Eva Baltasar en Boulder (traducido del catalán al castellano por Nicole d’Amonville Alegría) sigue la senda emprendida en Permafrost. Tríptico que concluirá con Mamut.
Sus novelas tienen ritmo, una dinámica subyugante. Si el primer capítulo le abre a la narradora un porvenir sin orillas a bordo de un mercante en el que trabaja de cocinera, por la costa chilena, toda esa libertad se irá al traste a consecuencia del amor que nacerá hacia otra mujer. Ese amor que eleva, vivifica, alentado por el sexo balsámico, por lenguas que como la roomba no dejan un rincón de la piel sin desempolvar. Si bien, a una luna de miel inexistente le sucede su reverso, la hiel: el compromiso. No ya el dejar la litera del barco que atraca cada día en un muelle y pasar a ocupar una confortable cama en un casita en Reikiavik; no tener siempre a la amada a tu entera y luego intermitente disposición, sino algo mucho más grave. Con la MATERNIDAD hemos topado. Pero la maternidad sobre la que Eva escribe y reflexiona no es la de la madre que entra en trance o en éxtasis como una virgen adorando al Señor al contemplar a su correspondiente criatura, no, la maternidad que la narradora experimenta a su pesar y en su amada (amada que atiende al nombre de Samsa. Algo que no es casual pues llevará ésta a cabo también su particular transformación) es aquella que la aleja de su compañera y amiga, que la exilia a otra parte de la casa, la deja al margen, mudándola en mera comparsa, y entonces todo aquel castillo de naipes se viene abajo a través de la fecundación, pues parece que fueran amores incompatibles los filiales y parejiles. Del amor en obras al amor en zozobras. Queda la escuálida esperanza de avivar las brasas del amor con un sexo al que hacer un hueco en la agenda, devenido entonces en exigencia, imposición, nada que ver ya con el fogonazo, la espontaneidad, la urgencia de los albores con aquellos corazones encabritados y al galope sobre el colchón. Consuelo magro ofrece la infidelidad o la bruma insensata de los vapores etílicos, qué hacer con los restos de una relación en la que no hay nada ya que rebañar. ¿Nada?. Bueno, algo queda.
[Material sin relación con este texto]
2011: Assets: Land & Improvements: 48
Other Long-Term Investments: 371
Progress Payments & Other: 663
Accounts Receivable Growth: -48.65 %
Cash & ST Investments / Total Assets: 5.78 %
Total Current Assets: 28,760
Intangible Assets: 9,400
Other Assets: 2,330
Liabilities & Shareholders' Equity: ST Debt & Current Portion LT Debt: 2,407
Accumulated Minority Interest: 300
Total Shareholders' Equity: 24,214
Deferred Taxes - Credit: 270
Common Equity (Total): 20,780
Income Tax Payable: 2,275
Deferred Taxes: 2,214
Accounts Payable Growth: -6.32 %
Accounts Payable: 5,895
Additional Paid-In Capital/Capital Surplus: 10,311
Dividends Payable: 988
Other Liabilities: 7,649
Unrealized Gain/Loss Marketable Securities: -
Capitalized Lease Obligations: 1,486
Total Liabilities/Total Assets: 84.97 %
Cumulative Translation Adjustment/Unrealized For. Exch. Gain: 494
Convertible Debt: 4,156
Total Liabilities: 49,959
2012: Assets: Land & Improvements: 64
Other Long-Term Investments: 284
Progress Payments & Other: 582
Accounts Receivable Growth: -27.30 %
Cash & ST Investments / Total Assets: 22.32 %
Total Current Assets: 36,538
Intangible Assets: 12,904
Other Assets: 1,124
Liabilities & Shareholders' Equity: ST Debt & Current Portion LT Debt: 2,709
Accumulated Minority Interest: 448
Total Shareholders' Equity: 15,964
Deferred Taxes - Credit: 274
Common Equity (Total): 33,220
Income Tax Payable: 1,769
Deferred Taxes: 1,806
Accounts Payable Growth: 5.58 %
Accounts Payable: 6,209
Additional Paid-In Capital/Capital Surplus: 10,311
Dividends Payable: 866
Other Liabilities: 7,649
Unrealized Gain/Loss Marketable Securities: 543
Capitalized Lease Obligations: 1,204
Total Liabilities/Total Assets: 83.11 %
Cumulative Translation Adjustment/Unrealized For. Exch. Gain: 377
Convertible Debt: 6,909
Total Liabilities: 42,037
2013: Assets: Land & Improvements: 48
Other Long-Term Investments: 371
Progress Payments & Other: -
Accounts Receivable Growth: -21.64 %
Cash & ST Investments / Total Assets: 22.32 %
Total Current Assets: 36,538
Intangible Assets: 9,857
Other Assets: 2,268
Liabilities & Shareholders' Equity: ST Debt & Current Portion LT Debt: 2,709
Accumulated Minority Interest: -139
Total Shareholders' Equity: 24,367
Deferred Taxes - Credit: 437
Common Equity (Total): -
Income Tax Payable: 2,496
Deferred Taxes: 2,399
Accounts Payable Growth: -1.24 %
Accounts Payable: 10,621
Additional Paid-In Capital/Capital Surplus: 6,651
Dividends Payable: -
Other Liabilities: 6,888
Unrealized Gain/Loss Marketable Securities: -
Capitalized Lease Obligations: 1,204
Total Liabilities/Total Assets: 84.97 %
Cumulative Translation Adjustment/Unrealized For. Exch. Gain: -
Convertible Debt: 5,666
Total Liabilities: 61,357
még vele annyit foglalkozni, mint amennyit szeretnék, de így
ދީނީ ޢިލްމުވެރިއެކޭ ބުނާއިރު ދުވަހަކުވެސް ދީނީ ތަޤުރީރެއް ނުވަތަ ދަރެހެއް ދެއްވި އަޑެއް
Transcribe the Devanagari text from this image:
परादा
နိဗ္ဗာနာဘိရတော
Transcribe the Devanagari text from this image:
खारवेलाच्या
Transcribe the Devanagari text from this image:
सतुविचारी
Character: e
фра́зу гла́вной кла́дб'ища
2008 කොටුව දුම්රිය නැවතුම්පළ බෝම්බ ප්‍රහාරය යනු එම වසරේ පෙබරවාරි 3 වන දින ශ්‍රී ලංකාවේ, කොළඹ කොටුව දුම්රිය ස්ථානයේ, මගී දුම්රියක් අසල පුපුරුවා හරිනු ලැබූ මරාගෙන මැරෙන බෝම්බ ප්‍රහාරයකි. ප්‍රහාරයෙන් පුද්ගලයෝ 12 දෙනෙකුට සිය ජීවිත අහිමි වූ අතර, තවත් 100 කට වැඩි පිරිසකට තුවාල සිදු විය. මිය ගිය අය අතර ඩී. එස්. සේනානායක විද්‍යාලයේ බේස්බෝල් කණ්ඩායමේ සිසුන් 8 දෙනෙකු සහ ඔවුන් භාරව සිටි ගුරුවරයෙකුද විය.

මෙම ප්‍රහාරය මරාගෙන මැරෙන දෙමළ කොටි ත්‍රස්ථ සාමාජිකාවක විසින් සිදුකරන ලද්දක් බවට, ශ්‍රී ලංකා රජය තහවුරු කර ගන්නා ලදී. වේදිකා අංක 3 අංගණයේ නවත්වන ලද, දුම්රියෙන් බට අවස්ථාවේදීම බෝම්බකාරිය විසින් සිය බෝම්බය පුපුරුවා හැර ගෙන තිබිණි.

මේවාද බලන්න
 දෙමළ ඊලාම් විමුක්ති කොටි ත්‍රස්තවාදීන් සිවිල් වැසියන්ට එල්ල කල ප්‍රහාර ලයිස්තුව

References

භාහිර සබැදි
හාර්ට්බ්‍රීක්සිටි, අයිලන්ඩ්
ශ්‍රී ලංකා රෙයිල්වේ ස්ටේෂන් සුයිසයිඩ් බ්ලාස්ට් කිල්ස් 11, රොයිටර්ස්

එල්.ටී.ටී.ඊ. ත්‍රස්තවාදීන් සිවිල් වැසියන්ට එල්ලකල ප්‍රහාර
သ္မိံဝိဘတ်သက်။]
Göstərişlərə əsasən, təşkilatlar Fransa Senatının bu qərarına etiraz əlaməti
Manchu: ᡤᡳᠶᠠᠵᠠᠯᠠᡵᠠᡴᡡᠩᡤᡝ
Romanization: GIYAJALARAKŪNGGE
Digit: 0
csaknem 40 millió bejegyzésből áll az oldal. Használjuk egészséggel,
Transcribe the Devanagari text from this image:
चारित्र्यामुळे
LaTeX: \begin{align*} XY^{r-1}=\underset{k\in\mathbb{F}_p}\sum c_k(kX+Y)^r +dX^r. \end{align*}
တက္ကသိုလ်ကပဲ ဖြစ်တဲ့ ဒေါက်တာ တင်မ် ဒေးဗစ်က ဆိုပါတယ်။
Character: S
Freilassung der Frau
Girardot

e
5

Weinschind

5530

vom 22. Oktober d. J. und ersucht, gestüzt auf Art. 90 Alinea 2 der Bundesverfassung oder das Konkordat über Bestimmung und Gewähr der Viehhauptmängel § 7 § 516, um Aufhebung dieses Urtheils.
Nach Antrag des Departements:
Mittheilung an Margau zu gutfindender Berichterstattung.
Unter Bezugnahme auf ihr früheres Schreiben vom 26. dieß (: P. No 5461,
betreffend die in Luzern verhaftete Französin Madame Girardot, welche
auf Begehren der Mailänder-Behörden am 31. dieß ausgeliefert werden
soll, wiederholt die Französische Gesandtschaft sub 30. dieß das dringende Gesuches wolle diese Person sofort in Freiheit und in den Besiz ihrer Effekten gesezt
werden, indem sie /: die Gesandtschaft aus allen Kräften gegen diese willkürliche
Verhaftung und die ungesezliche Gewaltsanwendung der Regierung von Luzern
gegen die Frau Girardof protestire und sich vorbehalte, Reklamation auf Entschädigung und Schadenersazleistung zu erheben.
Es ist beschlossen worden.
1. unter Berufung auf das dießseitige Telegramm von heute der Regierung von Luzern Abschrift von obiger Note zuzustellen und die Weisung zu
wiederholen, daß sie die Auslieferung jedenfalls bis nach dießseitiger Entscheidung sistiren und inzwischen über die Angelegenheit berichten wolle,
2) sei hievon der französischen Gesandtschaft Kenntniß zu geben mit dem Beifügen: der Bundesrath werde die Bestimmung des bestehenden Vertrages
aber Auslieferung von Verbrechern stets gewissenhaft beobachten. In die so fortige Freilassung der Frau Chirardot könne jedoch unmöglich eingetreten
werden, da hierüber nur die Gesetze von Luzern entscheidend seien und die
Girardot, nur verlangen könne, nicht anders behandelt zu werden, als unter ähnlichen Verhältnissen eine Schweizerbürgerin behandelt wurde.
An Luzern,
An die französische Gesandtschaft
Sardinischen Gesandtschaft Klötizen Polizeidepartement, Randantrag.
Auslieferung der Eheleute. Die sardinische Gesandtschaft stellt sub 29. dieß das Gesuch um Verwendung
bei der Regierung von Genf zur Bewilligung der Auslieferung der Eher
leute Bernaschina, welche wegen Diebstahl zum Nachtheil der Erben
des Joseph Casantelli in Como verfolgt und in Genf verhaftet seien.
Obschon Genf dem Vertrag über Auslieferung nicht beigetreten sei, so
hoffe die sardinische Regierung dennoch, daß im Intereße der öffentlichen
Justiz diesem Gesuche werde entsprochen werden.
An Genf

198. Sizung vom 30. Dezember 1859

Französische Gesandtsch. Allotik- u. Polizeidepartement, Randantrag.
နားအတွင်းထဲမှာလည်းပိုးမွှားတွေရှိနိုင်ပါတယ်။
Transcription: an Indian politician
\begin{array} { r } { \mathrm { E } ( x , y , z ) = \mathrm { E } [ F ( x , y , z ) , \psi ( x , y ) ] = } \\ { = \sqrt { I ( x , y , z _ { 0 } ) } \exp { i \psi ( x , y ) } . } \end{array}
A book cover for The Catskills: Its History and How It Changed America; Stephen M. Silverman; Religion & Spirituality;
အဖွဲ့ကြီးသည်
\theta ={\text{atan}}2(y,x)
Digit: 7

Lo interesante en las novelas de Eva Baltasar es su punto de vista, lo que siente y describe con mucho humor, sagacidad y salacidad su narradora, sus vivencias singulares pero extensibles al resto de los lectores (recobro a Proust: En realidad, cada uno de los lectores es, cuando lee, el propio lector de sí mismo. La obra del escritor es un simple instrumento óptico que ofrece al lector para permitirle discernir lo que sin ese libro tal vez no habría visto en sí mismo. El reconocimiento en sí mismo, por el lector, de lo que dice el libro es la prueba de la verdad de este y viceversa, al menos en cierta medida, pues en muchos casos la diferencia entre los dos textos puede atribuirse al lector y no al autor.), pues uno lee y ve un sinfín de anzuelos que salen disparados en todas las direcciones y seguro que alguno, o varios, te alcanzan, y sientes ahí una punzada, el recuerdo de una herida, el surco de la cicatriz, lo que iba a ser y es, o lo que iba a ser y no fue, o lo que es y nunca creías que sería. La conciencia de que cada instante de nuestra vida es una encrucijada. La vida como un suceso posible.